Warhol was constantly changing and although a lot of people used to not be fond of his late work, now it has taken on a resonance of its own, according to Fabricant. That was spurred particularly by the Whitney Museum of American Art’s “Andy Warhol: From A to B and Back Again” exhibition that curator Donna De Salvo did a few years ago, he added.

“Warhol is always morphing, changing, developing. Whether Basquiat could have, would have? That’s a big mystery. It will never be answered.”

Fashion, unlike top-shelf art, has had its fits and starts over the past two years. Fashion is expected to align closer with the art world in the years ahead, and that “is mutually beneficial,” Fabricant said. “But art is not fashion. Art is not utilitarian. It can be co-opt. It’s like the difference between art and architecture. One’s utilitarian, one’s not. And if art serves a purpose other than being art, it’s usually in a very diminished form.”

Referring to the inevitable union of art and fashion, he described that as “natural selection. You have [Bernard] Arnault buying Tiffany’s and then buying a Basquiat painting and then producing a Patek Philippe limited [edition] watch that is first seen on Jay-Z’s wrist. The interaction of art and commerce and fashion is inevitable. It’s just being accelerated by the consolidation of all these issues, whether it’s Kardashian, Arnault or the Gagosian Gallery having 19 galleries. It’s just more, more, more. It’s also mutually beneficial.”
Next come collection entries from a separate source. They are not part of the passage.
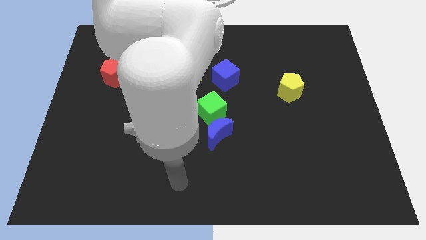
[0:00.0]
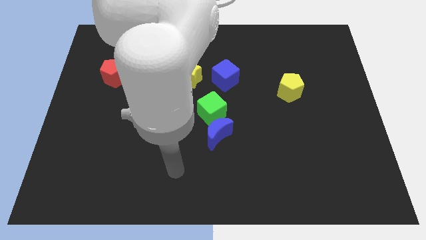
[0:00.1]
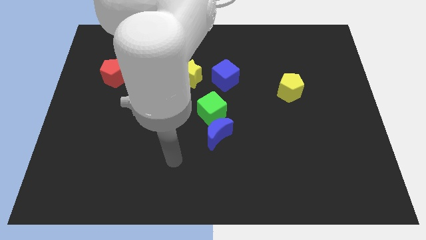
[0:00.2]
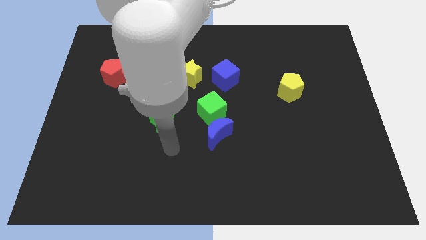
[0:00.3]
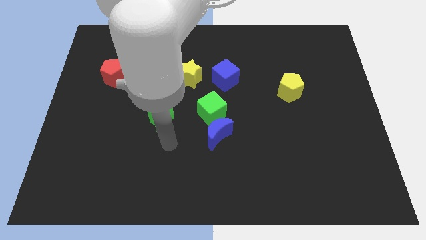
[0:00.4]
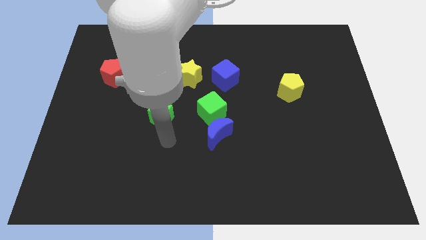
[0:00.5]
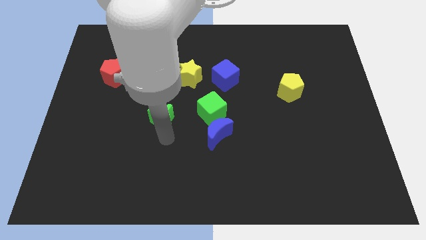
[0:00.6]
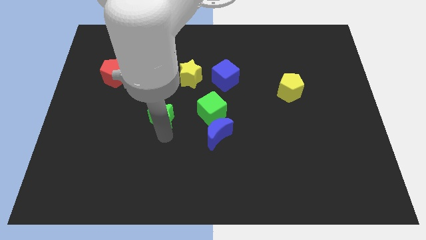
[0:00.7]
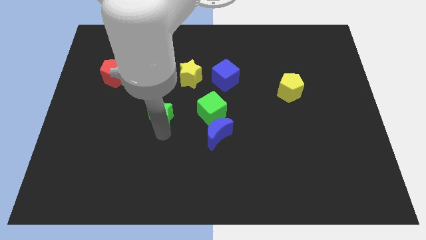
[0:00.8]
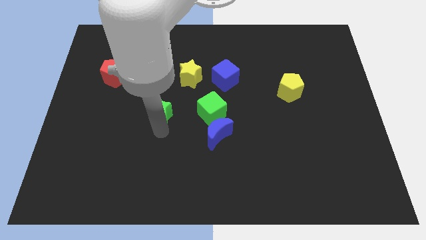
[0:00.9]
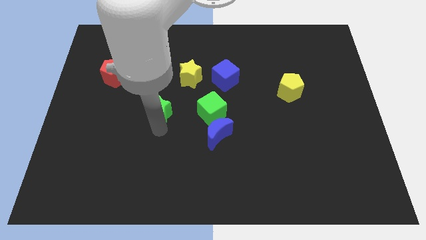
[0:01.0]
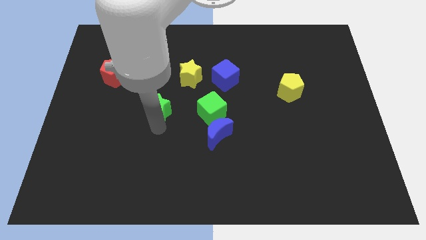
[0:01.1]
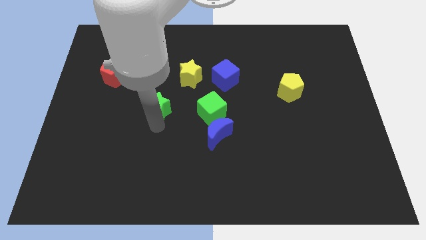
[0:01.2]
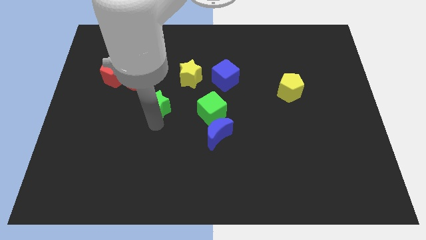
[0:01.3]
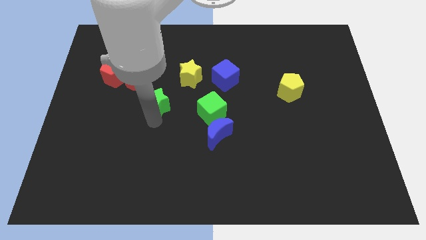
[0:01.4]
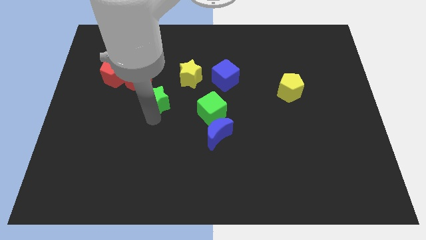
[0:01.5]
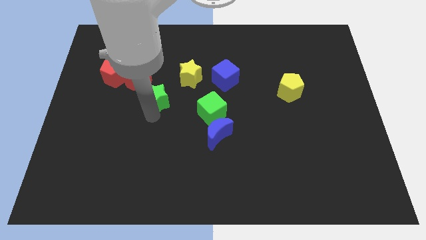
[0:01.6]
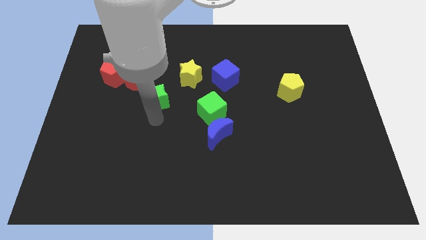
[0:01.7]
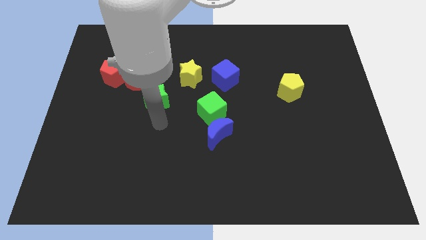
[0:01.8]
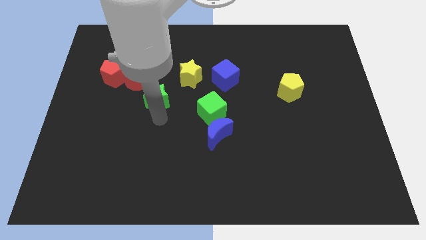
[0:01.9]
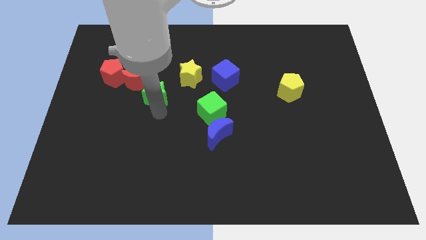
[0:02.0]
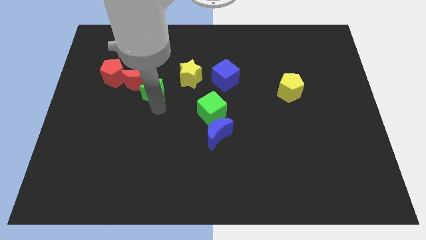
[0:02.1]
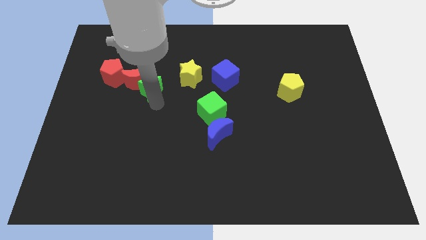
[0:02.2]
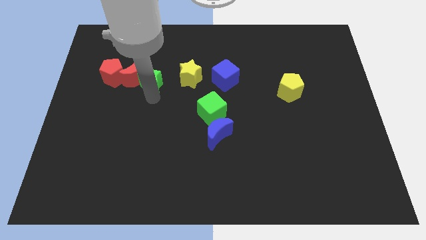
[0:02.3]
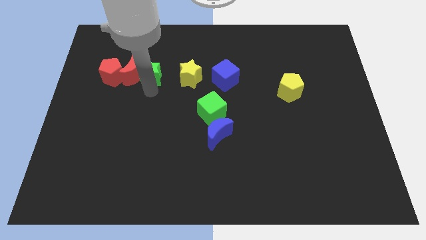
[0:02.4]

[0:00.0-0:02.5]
move the green star to the top right side of the red moon

The alignment can also be seen in mainstream brands like Uniqlo, which has collaborated with the Louvre, the Museum of Modern Art, and artists like Takashi Murakami, Jeff Koons, Kaws and Daniel Arsham. “Absolutely. And that’s a good thing. If some 12-year-old gets a Warhol, Basquiat or [Keith] Haring T-shirt and begins to explore beyond the sheer graphic qualities of wearing a shirt, that leads to greater investigation and enthusiasm on the part of everybody. That democratization of art is great,” Fabricant said. “Warhol always wanted that. He was the first guy to want that: where everybody has a moment of fame and everybody can understand it. It’s almost like Warhol was the first painter since the Renaissance, where if you walked into a church in 15th-century Florence and saw a Nativity scene, you knew every person in that Nativity scene because Catholicism was universal in Italy. With Warhol, it’s the same thing of having all these images that everyone can respond to and would understand without the baggage of art world explication and art history. That was his main gift. He was universally understood — [snapping his fingers for effect] boom. Soup can — boom. It’s like the Madonna. Boom — you understood what it was.”